Detection of Antimicrobial Resistance, Pathogenicity, and Virulence Potentials of Non-Typhoidal <i>Salmonella</i> Isolates at the Yaounde Abattoir Using Whole-Genome Sequencing Technique
Chelea Matchawe,
Eunice M. Machuka,
Martina Kyallo,
Patrice Bonny,
Gerard Nkeunen,
Isaac Njaci,
Seraphine Nkie Esemu,
Dedan Githae,
John Juma,
Bawe M. Nfor,
Bonglaisin J. Nsawir,
Marco Galeotti,
Edi Piasentier,
Lucy M. Ndip,
Roger Pelle
Affiliations
Chelea Matchawe
Institute of Medical Research and Medicinal Plants Studies, Yaounde P.O. Box 6163, Cameroon
Eunice M. Machuka
Bioscience Eastern and Central Africa-International Livestock Research Institute (BecA-ILRI) Hub, Nairobi P.O. Box 30709, Kenya
Martina Kyallo
Bioscience Eastern and Central Africa-International Livestock Research Institute (BecA-ILRI) Hub, Nairobi P.O. Box 30709, Kenya
Patrice Bonny
Institute of Medical Research and Medicinal Plants Studies, Yaounde P.O. Box 6163, Cameroon
Gerard Nkeunen
Department of Biochemistry, University of Dschang, Dschang P.O. Box 96, Cameroon
Isaac Njaci
Bioscience Eastern and Central Africa-International Livestock Research Institute (BecA-ILRI) Hub, Nairobi P.O. Box 30709, Kenya
Seraphine Nkie Esemu
Department of Microbiology and Parasitology, University of Buea, Buea P.O. Box 63, Cameroon
Dedan Githae
Bioscience Eastern and Central Africa-International Livestock Research Institute (BecA-ILRI) Hub, Nairobi P.O. Box 30709, Kenya
John Juma
Bioscience Eastern and Central Africa-International Livestock Research Institute (BecA-ILRI) Hub, Nairobi P.O. Box 30709, Kenya
Bawe M. Nfor
Department of Rangeland, Animal Nutrition and Livestock Infrastructures, Sub Department of Animal Nutrition, Ministry of Livestock, Fisheries and Animal Industries (MINEPIA), Yaounde P.O. Box 930, Cameroon
Bonglaisin J. Nsawir
Institute of Medical Research and Medicinal Plants Studies, Yaounde P.O. Box 6163, Cameroon
Marco Galeotti
Department of Agricultural, Food, Environment and Animal Sciences, University of Udine, 33100 Udine, Italy
Edi Piasentier
Department of Agricultural, Food, Environment and Animal Sciences, University of Udine, 33100 Udine, Italy
Lucy M. Ndip
Department of Microbiology and Parasitology, University of Buea, Buea P.O. Box 63, Cameroon
Roger Pelle
Bioscience Eastern and Central Africa-International Livestock Research Institute (BecA-ILRI) Hub, Nairobi P.O. Box 30709, Kenya
One of the crucial public health problems today is the emerging and re-emerging of multidrug-resistant (MDR) bacteria coupled with a decline in the development of new antimicrobials.

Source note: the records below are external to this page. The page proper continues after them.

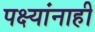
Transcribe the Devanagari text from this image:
पक्ष्यांनाही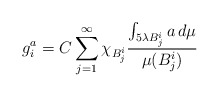
\begin{align*}g_i^a=C\sum_{j=1}^{\infty}\chi_{B_j^i}\frac{\int_{5\lambda B_j^i}a\,d\mu}{\mu(B_j^i)}\end{align*}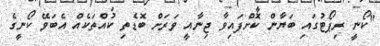
"ކޯނީ ރިޕޯޓުގައި ބަޔާން ކޮށްފައިވާ ޖިނާއީ ވަރަށް ބޮޑެތި ކުއްތަކެއް އެބަވޭ ކޯނީގެ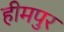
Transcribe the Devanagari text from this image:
हीमपुर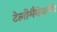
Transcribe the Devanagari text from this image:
टेलीमैनेजमेंट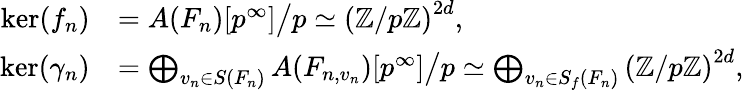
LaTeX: \begin{array}{rl}{\ker(f_{n})}&{=A(F_{n})[p^{\infty}]\big/{p}\simeq\left(\mathbb Z/p\mathbb Z\right)^{2d},}\\ {\ker(\gamma_{n})}&{=\bigoplus_{v_{n}\in S(F_{n})}A(F_{n,v_{n}})[p^{\infty}]\big/p\simeq\bigoplus_{v_{n}\in S_{f}(F_{n})}\left(\mathbb Z/p\mathbb Z\right)^{2d},}\end{array}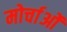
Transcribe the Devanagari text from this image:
मोर्चाओं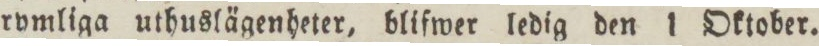
rymliga uthuslägenheter, blifwer ledig den 1 Oktober.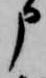
申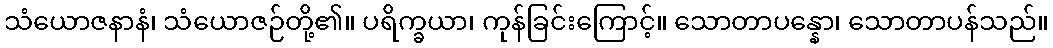
သံယောဇနာနံ၊ သံယောဇဉ်တို့၏။ ပရိက္ခယာ၊ ကုန်ခြင်းကြောင့်။ သောတာပန္နော၊ သောတာပန်သည်။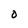
Character: 0
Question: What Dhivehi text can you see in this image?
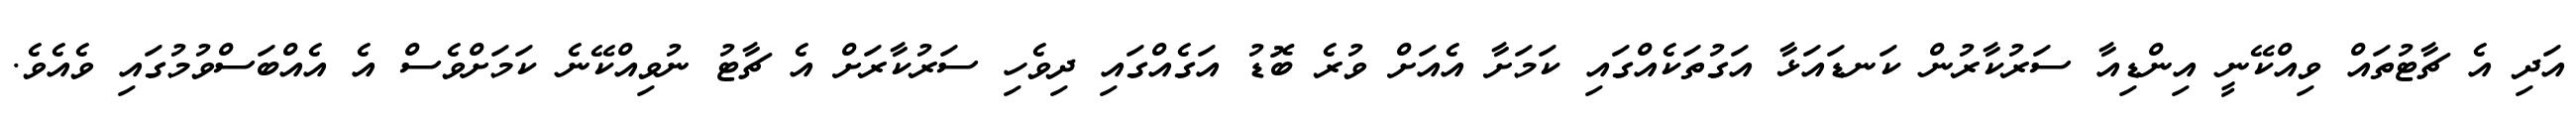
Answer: އަދި އެ ޗާޓުތައް ވިއްކޭނީ އިންޑިއާ ސަރުކާރުން ކަނޑައަޅާ އަގުތަކެއްގައި ކަމަށާ އެއަށް ވުރެ ބޮޑު އަގެއްގައި ދިވެހި ސަރުކާރަށް އެ ޗާޓު ނުވިއްކޭނެ ކަމަށްވެސް އެ އެއްބަސްވުމުގައި ވެއެވެ.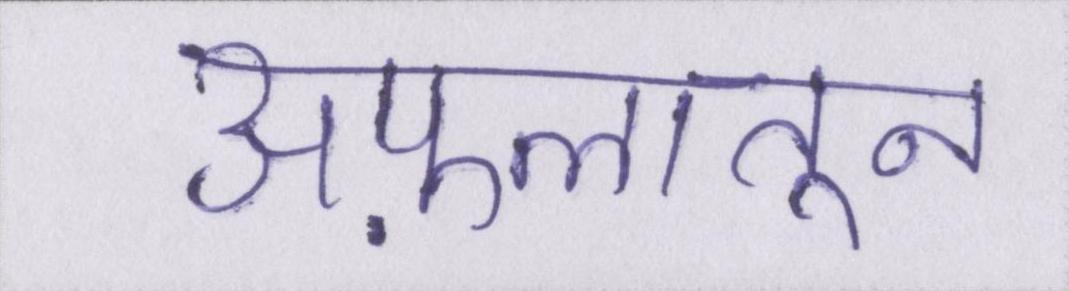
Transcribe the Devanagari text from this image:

Non-typhoidal Salmonella (NTS) is classified among the MDR pathogens of international concern. To predict their MDR potentials, 23 assembled genomes of NTS from live cattle (n = 1), beef carcass (n = 19), butchers’ hands (n = 1) and beef processing environments (n = 2) isolated from 830 wet swabs at the Yaounde abattoir between December 2014 and November 2015 were explored using whole-genome sequencing. Phenotypically, while 22% (n = 5) of Salmonella isolates were streptomycin-resistant, 13% (n = 3) were MDR. Genotypically, all the Salmonella isolates possessed high MDR potentials against several classes of antibiotics including critically important drugs (carbapenems, third-generation cephalosporin and fluoroquinolone). Moreover, >31% of NTS exhibited resistance potentials to polymyxin, considered as the last resort drug. Additionally, ≤80% of isolates harbored “silent resistant genes” as a potential reservoir of drug resistance. Our isolates showed a high degree of pathogenicity and possessed key virulence factors to establish infection even in humans. Whole-genome sequencing unveiled both broader antimicrobial resistance (AMR) profiles and inference of pathogen characteristics. This study calls for the prudent use of antibiotics and constant monitoring of AMR of NTS.